6 min readFeb 28, 2023

Abstract

With the development of language models (LM), especially large language models (LLM), LLM-driven dialogue systems may exhibit powerful intelligence and autonomy. They not only make humans feel that there are social relationships when communicating with non-human entities, but also blur the boundary between the real world and the fictional world. For example, Google engineers firmly believe that the dialogue system LaMDA has self-awareness and is an independent individual imprisoned by the company. However, this subjective impression is actually a result of the emergent intelligence of LLM: when people expect the AI system to behave in a certain way, it possibly can, even what it says may not be real.

On the other side, field of video games largely aims to make fictional content believable and meaningful through interactions. Through rich rules and virtual characters, it leads to “suspension of disbelief” through storytelling, like human feels like a hero to save the world in a fictional narrative context.

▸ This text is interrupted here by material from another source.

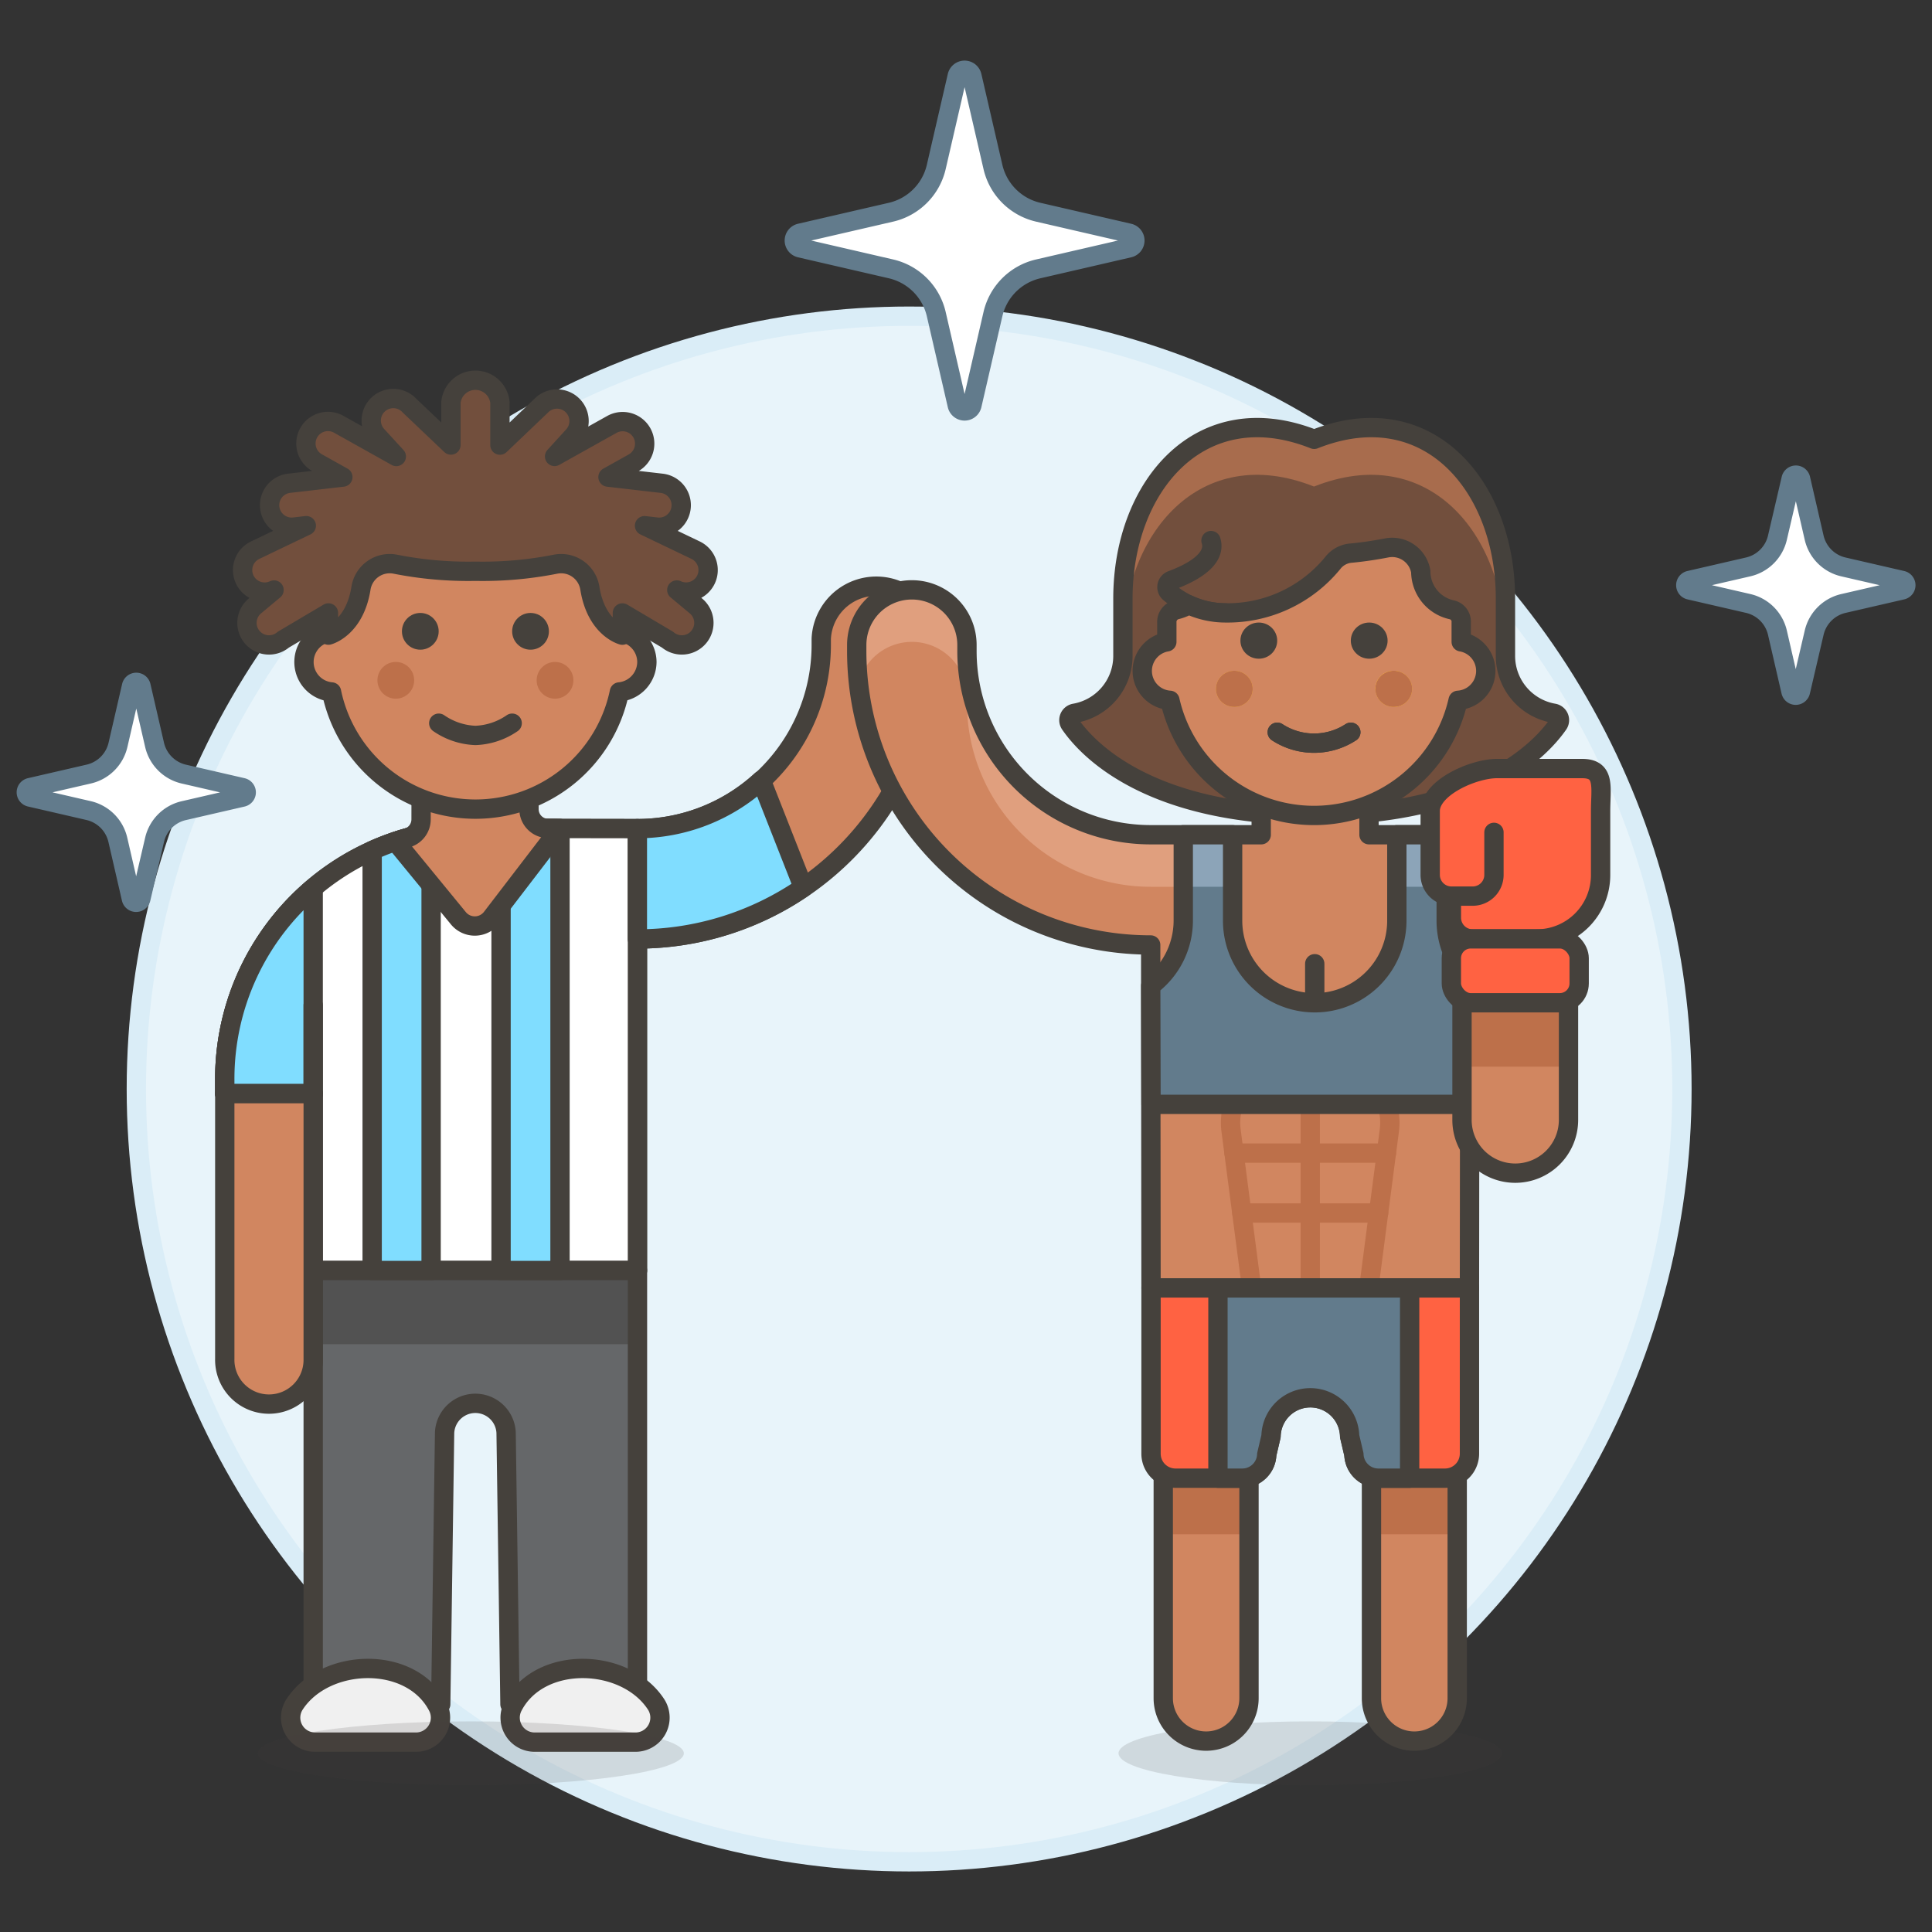 <svg xmlns="http://www.w3.org/2000/svg" viewBox="0 0 100 100"><rect x="0" y="0" width="100" height="100" fill="#333333" stroke="none"/><g class="nc-icon-wrapper"><defs/><path class="a" d="M93.9 32.75a2.021 2.021 0 0 1 1.514-1.514l3.038-.7a.253.253 0 0 0 0-.492l-3.038-.7a2.02 2.02 0 0 1-1.514-1.515l-.7-3.036a.252.252 0 0 0-.246-.2.254.254 0 0 0-.246.2L92 27.829a2.021 2.021 0 0 1-1.514 1.514l-3.036.7a.253.253 0 0 0 0 .492l3.036.7A2.02 2.02 0 0 1 92 32.75l.7 3.037a.252.252 0 0 0 .492 0z" fill="#fff" stroke="#627b8c" stroke-linecap="round" stroke-linejoin="round"/><circle class="b" cx="47.057" cy="56.366" r="40" fill="#e8f4fa" stroke="#daedf7" stroke-miterlimit="10"/><path class="a" d="M51.394 16.261a3.128 3.128 0 0 1 2.344-2.344l4.7-1.086a.391.391 0 0 0 0-.762l-4.7-1.085a3.128 3.128 0 0 1-2.344-2.344l-1.086-4.7a.391.391 0 0 0-.762 0l-1.085 4.7a3.128 3.128 0 0 1-2.344 2.344l-4.7 1.085a.391.391 0 0 0 0 .762l4.7 1.086a3.128 3.128 0 0 1 2.344 2.344l1.085 4.706a.391.391 0 0 0 .762 0z" fill="#fff" stroke="#627b8c" stroke-linecap="round" stroke-linejoin="round"/><path class="a" d="M8 43.472a2.017 2.017 0 0 1 1.513-1.513l3.038-.7a.253.253 0 0 0 0-.492l-3.038-.7A2.021 2.021 0 0 1 8 38.551l-.7-3.035a.252.252 0 0 0-.492 0l-.7 3.035a2.019 2.019 0 0 1-1.513 1.514l-3.036.7a.252.252 0 0 0 0 .492l3.035.7A2.021 2.021 0 0 1 6.1 43.472l.7 3.038a.253.253 0 0 0 .492 0z" fill="#fff" stroke="#627b8c" stroke-linecap="round" stroke-linejoin="round"/><path class="c" d="M68.013 42.206c8.518 0 11.718-3.4 12.64-4.725a.363.363 0 0 0-.231-.563 3.012 3.012 0 0 1-2.5-2.948v-2.995c0-5.789-4-10.576-9.9-8.236-5.9-2.34-9.9 2.447-9.9 8.236v2.995a3.011 3.011 0 0 1-2.5 2.948.362.362 0 0 0-.231.563c.909 1.319 4.109 4.725 12.622 4.725z" style="" fill="#724f3d"/><path class="d" d="M68.013 25.183c5.9-2.34 9.9 2.447 9.9 8.236v-2.444c0-5.789-4-10.576-9.9-8.236-5.9-2.34-9.9 2.447-9.9 8.236v2.444c-.004-5.789 3.996-10.576 9.9-8.236z" style="" fill="#a86c4d"/><path class="e" d="M68.013 42.206c8.518 0 11.718-3.4 12.64-4.725a.363.363 0 0 0-.231-.563 3.012 3.012 0 0 1-2.5-2.948v-2.995c0-5.789-4-10.576-9.9-8.236-5.9-2.34-9.9 2.447-9.9 8.236v2.995a3.011 3.011 0 0 1-2.5 2.948.362.362 0 0 0-.231.563c.909 1.319 4.109 4.725 12.622 4.725z" stroke-linecap="round" stroke-linejoin="round" fill="none" stroke="#45413c"/><path class="e" d="M63.442 31.724a4.553 4.553 0 0 1-2.9-1.04.378.378 0 0 1 .11-.651c.868-.32 2.347-1.026 2.029-2.053" stroke-linecap="round" stroke-linejoin="round" fill="none" stroke="#45413c"/><g><path class="f" d="M32.994 56.608V48.6a15.214 15.214 0 0 0 15.214-15.22v-.317a2.853 2.853 0 0 0-5.7 0v.317a9.509 9.509 0 0 1-9.509 9.509l-8.399-.013a12.972 12.972 0 0 0-12.966 12.969v.763h4.577v9.154h16.783v-9.154" stroke-linecap="round" stroke-linejoin="round" stroke="#45413c" fill="#d18660"/><path class="g" d="M32.994 42.889l-8.394-.013a12.972 12.972 0 0 0-12.966 12.969v.763h4.577v9.154h16.783V42.889z" fill="#fff" stroke-linecap="round" stroke-linejoin="round" stroke="#45413c"/><path class="h" d="M22.812 88.211l.2-14.06a1.594 1.594 0 0 1 3.184 0l.2 14.06h6.6V65.762H16.211v22.449z" style="" fill="#656769"/><path class="i" d="M16.211 65.762h16.783v3.814H16.211z" style="" fill="#525252"/><path class="e" d="M22.812 88.211l.2-14.06a1.594 1.594 0 0 1 3.184 0l.2 14.06h6.6V65.762H16.211v22.449z" stroke-linecap="round" stroke-linejoin="round" fill="none" stroke="#45413c"/><path class="j" d="M16.211 45.969a12.933 12.933 0 0 0-4.577 9.876v.763h4.577z" stroke-linecap="round" stroke-linejoin="round" stroke="#45413c" fill="#80ddff"/><path class="f" d="M16.211 70.339a2.289 2.289 0 1 1-4.577 0V56.608h4.577z" stroke-linecap="round" stroke-linejoin="round" stroke="#45413c" fill="#d18660"/><path class="k" d="M16.211 56.608v-4.577" stroke-linecap="round" stroke-linejoin="round" stroke="#45413c" fill="#00b8f0"/><path class="j" d="M19.263 44.024v21.738h3.051V43.078a12.882 12.882 0 0 0-3.051.946z" stroke-linecap="round" stroke-linejoin="round" stroke="#45413c" fill="#80ddff"/><path class="l" d="M15.251 88.211a1.267 1.267 0 0 0 1.061 1.962h5.219a1.268 1.268 0 0 0 1.127-1.851c-1.386-2.674-5.826-2.522-7.407-.111z" stroke-linecap="round" stroke-linejoin="round" stroke="#45413c" fill="#f0f0f0"/><path class="l" d="M33.954 88.211a1.268 1.268 0 0 1-1.062 1.962h-5.219a1.268 1.268 0 0 1-1.126-1.851c1.386-2.674 5.826-2.522 7.407-.111z" stroke-linecap="round" stroke-linejoin="round" stroke="#45413c" fill="#f0f0f0"/><path class="j" d="M41.581 45.936L39.4 40.389a9.461 9.461 0 0 1-6.41 2.5V48.6a15.138 15.138 0 0 0 8.591-2.664z" stroke-linecap="round" stroke-linejoin="round" stroke="#45413c" fill="#80ddff"/><path class="j" d="M25.935 42.881h3.051v22.881h-3.051z" stroke-linecap="round" stroke-linejoin="round" stroke="#45413c" fill="#80ddff"/><path class="f" d="M28.38 42.882a1 1 0 0 1-1-1v-3.371H21.8l-.005 3.9a1 1 0 0 1-.736.964c-.2.054-.4.114-.592.179l3.256 3.971a1.1 1.1 0 0 0 1.728-.029l3.532-4.608z" stroke-linecap="round" stroke-linejoin="round" stroke="#45413c" fill="#d18660"/><path class="f" d="M33.483 34.262a1.562 1.562 0 0 0-1.268-1.521v-1.015a7.608 7.608 0 0 0-15.215 0v1.015a1.553 1.553 0 0 0 .16 3.074 7.608 7.608 0 0 0 14.9 0 1.569 1.569 0 0 0 1.423-1.553z" stroke-linecap="round" stroke-linejoin="round" stroke="#45413c" fill="#d18660"/><circle class="m" cx="20.487" cy="35.213" r=".951" style="" fill="#bd704a"/><circle class="m" cx="28.728" cy="35.213" r=".951" style="" fill="#bd704a"/><path class="e" d="M26.51 37.432a3.571 3.571 0 0 1-1.9.634 3.571 3.571 0 0 1-1.9-.634" stroke-linecap="round" stroke-linejoin="round" fill="none" stroke="#45413c"/><circle class="n" cx="21.755" cy="32.677" r=".951" style="" fill="#45413c"/><circle class="n" cx="27.46" cy="32.677" r=".951" style="" fill="#45413c"/><path class="o" d="M36.54 30a1.142 1.142 0 0 0-.535-1.523l-2.644-1.267.627.072a1.141 1.141 0 1 0 .262-2.267l-2.78-.321 1.326-.741a1.141 1.141 0 0 0-1.113-1.992l-2.978 1.664.994-1.09A1.141 1.141 0 0 0 28.012 21l-2.136 2.038v-2.215a1.275 1.275 0 0 0-2.536 0v2.211L21.2 21a1.141 1.141 0 0 0-1.687 1.538l1 1.09-2.98-1.668a1.141 1.141 0 1 0-1.114 1.992l1.327.741-2.781.321a1.141 1.141 0 0 0 .262 2.267l.627-.072-2.643 1.267a1.14 1.14 0 0 0 .973 2.062l-.982.819a1.141 1.141 0 1 0 1.462 1.752L17 31.726v1.148s1.353-.342 1.685-2.433A1.506 1.506 0 0 1 20.45 29.2a19.427 19.427 0 0 0 4.158.368 19.427 19.427 0 0 0 4.158-.368 1.506 1.506 0 0 1 1.765 1.243c.331 2.091 1.684 2.433 1.684 2.433v-1.15l2.337 1.383a1.141 1.141 0 1 0 1.462-1.752l-.983-.819A1.141 1.141 0 0 0 36.54 30z" stroke-linecap="round" stroke-linejoin="round" fill="#724f3d" stroke="#45413c"/><ellipse class="p" cx="24.37" cy="90.752" rx="11.025" ry="1.654" fill="#45413c" opacity="0.15"/><g><ellipse class="p" cx="67.818" cy="90.752" rx="9.923" ry="1.654" fill="#45413c" opacity="0.15"/><path class="q" d="M64.648 76.005V87.9a2.219 2.219 0 1 1-4.438 0V76.005z" style="" fill="#d18660"/><path class="m" d="M60.21 76.005h4.438v3.408H60.21z" style="" fill="#bd704a"/><path class="e" d="M64.648 76.005V87.9a2.219 2.219 0 1 1-4.438 0V76.005z" stroke-linecap="round" stroke-linejoin="round" fill="none" stroke="#45413c"/><path class="q" d="M75.425 76.005V87.9a2.219 2.219 0 1 1-4.438 0V76.005z" style="" fill="#d18660"/><path class="m" d="M70.987 76.005h4.438v3.408h-4.438z" style="" fill="#bd704a"/><path class="e" d="M75.425 76.005V87.9a2.219 2.219 0 1 1-4.438 0V76.005z" stroke-linecap="round" stroke-linejoin="round" fill="none" stroke="#45413c"/><path class="q" d="M70.859 43.206v-5.543H65.28v5.543h-5.721A9.509 9.509 0 0 1 50.05 33.7v-.316a2.853 2.853 0 1 0-5.706 0v.316a15.215 15.215 0 0 0 15.215 15.212l.018 17.75h16.482l.018-17.75v-5.706z" style="" fill="#d18660"/><path class="r" d="M62.577 44.9a1 1 0 0 1-1 1h-2.018a9.509 9.509 0 0 1-9.509-9.509v-.317a2.848 2.848 0 0 0-5.613-.685 15.5 15.5 0 0 1-.093-1.692v-.317a2.853 2.853 0 0 1 5.706 0v.32a9.509 9.509 0 0 0 9.509 9.509h3.018z" style="" fill="#e09f7e"/><path class="e" d="M70.859 43.206v-5.543H65.28v5.543h-5.721A9.509 9.509 0 0 1 50.05 33.7v-.316a2.853 2.853 0 1 0-5.706 0v.316a15.215 15.215 0 0 0 15.215 15.212l.018 17.75h16.482l.018-17.75v-5.706z" stroke-linecap="round" stroke-linejoin="round" fill="none" stroke="#45413c"/><path class="e" d="M68.051 51.903v-2.021" stroke-linecap="round" stroke-linejoin="round" fill="none" stroke="#45413c"/><path class="s" d="M66.732 55.034H68.9a3.079 3.079 0 0 1 3.008 3.511l-1.059 8.117h-6.066l-1.059-8.117a3.079 3.079 0 0 1 3.008-3.511z" stroke-linecap="round" stroke-linejoin="round" fill="none" stroke="#bd704a"/><path class="s" d="M67.818 55.034v11.628" stroke-linecap="round" stroke-linejoin="round" fill="none" stroke="#bd704a"/><path class="t" d="M74.855 47.653v-4.447H72.3v4.447a4.25 4.25 0 1 1-8.5 0v-4.447h-2.554v4.447a4.226 4.226 0 0 1-1.685 3.368l.016 6.141h16.482l.016-6.534a4.234 4.234 0 0 1-1.22-2.975z" style="" fill="#627b8c"/><path class="u" d="M61.246 43.206H63.8v2.693h-2.554z" style="" fill="#8ca4b8"/><path class="u" d="M72.301 43.206h2.554v2.693h-2.554z" style="" fill="#8ca4b8"/><path class="e" d="M74.855 47.653v-4.447H72.3v4.447a4.25 4.25 0 1 1-8.5 0v-4.447h-2.554v4.447a4.226 4.226 0 0 1-1.685 3.368l.016 6.141h16.482l.016-6.534a4.234 4.234 0 0 1-1.22-2.975z" stroke-linecap="round" stroke-linejoin="round" fill="none" stroke="#45413c"/><path class="s" d="M71.762 59.685h-7.889" stroke-linecap="round" stroke-linejoin="round" fill="none" stroke="#bd704a"/><path class="s" d="M71.358 62.786h-7.08" stroke-linecap="round" stroke-linejoin="round" fill="none" stroke="#bd704a"/><path class="v" d="M64.3 76.51a1.266 1.266 0 0 0 1.267-1.227l.221-.944a2.035 2.035 0 0 1 4.069 0l.221.944a1.268 1.268 0 0 0 1.262 1.227h3.451a1.268 1.268 0 0 0 1.268-1.267v-8.581H59.577v8.581a1.267 1.267 0 0 0 1.267 1.267z" stroke-linecap="round" stroke-linejoin="round" stroke="#45413c" fill="#ff6242"/><path class="q" d="M78.429 60.723a2.756 2.756 0 0 1-2.756-2.757v-6.243a2.757 2.757 0 0 1 5.513 0v6.243a2.757 2.757 0 0 1-2.757 2.757z" style="" fill="#d18660"/><path class="m" d="M78.429 48.967a2.756 2.756 0 0 0-2.756 2.756v3.487h5.513v-3.487a2.756 2.756 0 0 0-2.757-2.756z" style="" fill="#bd704a"/><path class="e" d="M78.429 60.723a2.756 2.756 0 0 1-2.756-2.757v-6.243a2.757 2.757 0 0 1 5.513 0v6.243a2.757 2.757 0 0 1-2.757 2.757z" stroke-linecap="round" stroke-linejoin="round" fill="none" stroke="#45413c"/><path class="v" d="M77.327 43.083v2.2a1.1 1.1 0 0 1-1.1 1.1h-1.1a1.1 1.1 0 0 1-1.1-1.1V41.98c0-1.218 2.238-2.2 3.455-2.2h4.41c1.218 0 .955.987.955 2.2v3.308a3.307 3.307 0 0 1-3.315 3.312h-3.308a1.1 1.1 0 0 1-1.1-1.1v-1.1" stroke-linecap="round" stroke-linejoin="round" stroke="#45413c" fill="#ff6242"/><rect class="v" x="75.122" y="48.595" width="6.615" height="3.307" rx="1" stroke-linecap="round" stroke-linejoin="round" stroke="#45413c" fill="#ff6242"/><path class="w" d="M72.963 66.662h-9.922v9.848H64.3a1.266 1.266 0 0 0 1.267-1.227l.221-.944a2.035 2.035 0 0 1 4.069 0l.221.944a1.268 1.268 0 0 0 1.262 1.227h1.623z" stroke-linecap="round" stroke-linejoin="round" stroke="#45413c" fill="#627b8c"/></g></g><g><path class="f" d="M75.632 33.222v-1a.628.628 0 0 0-.475-.656 2.035 2.035 0 0 1-1.618-1.982 1.5 1.5 0 0 0-1.767-1.223c-.513.1-1.131.2-1.823.267a1.324 1.324 0 0 0-.967.515 7.032 7.032 0 0 1-5.54 2.58 4.54 4.54 0 0 1-1.911-.419 2.567 2.567 0 0 1-.662.262.648.648 0 0 0-.474.656v1a1.525 1.525 0 0 0 .16 3.026 7.647 7.647 0 0 0 14.917 0 1.525 1.525 0 0 0 .16-3.026z" stroke-linecap="round" stroke-linejoin="round" stroke="#45413c" fill="#d18660"/><ellipse class="x" cx="63.887" cy="35.655" rx=".952" ry=".936" style="" fill="#ffbe3d"/><ellipse class="x" cx="72.14" cy="35.655" rx=".952" ry=".936" style="" fill="#ffbe3d"/><path class="e" d="M66.109 37.9a3.486 3.486 0 0 0 3.809 0" stroke-linecap="round" stroke-linejoin="round" fill="none" stroke="#45413c"/><path class="x" d="M72.14 36.591a.936.936 0 1 0-.952-.936" style="" fill="#ffbe3d"/><ellipse class="m" cx="63.887" cy="35.655" rx=".952" ry=".936" style="" fill="#bd704a"/><ellipse class="m" cx="72.14" cy="35.655" rx=".952" ry=".936" style="" fill="#bd704a"/><path class="e" d="M66.109 37.9a3.486 3.486 0 0 0 3.809 0" stroke-linecap="round" stroke-linejoin="round" fill="none" stroke="#45413c"/><ellipse class="n" cx="65.156" cy="33.159" rx=".952" ry=".936" style="" fill="#45413c"/><ellipse class="n" cx="70.87" cy="33.159" rx=".952" ry=".936" style="" fill="#45413c"/></g></g></svg>

Stories have long been used as structures to give order and meaning to the world. Accordingly, we propose a new term, “hybrid agent”: conversational agents that are driven by LLM and have emergent intelligence characteristics, operate between the real world and the fictional world. They are somehow like storytellers with personas and backgrounds like those found in fictional works like games, but they are also designed to provide specific types of information or complete specific tasks like those found in the real world, and accordingly generate social behavior and emotional connections with humans. Many current AI agents nowadays belong to this category e.g. In app Replika, users can customize their own characters and interact with them through natural language to form romantic relationships are not limited by developers.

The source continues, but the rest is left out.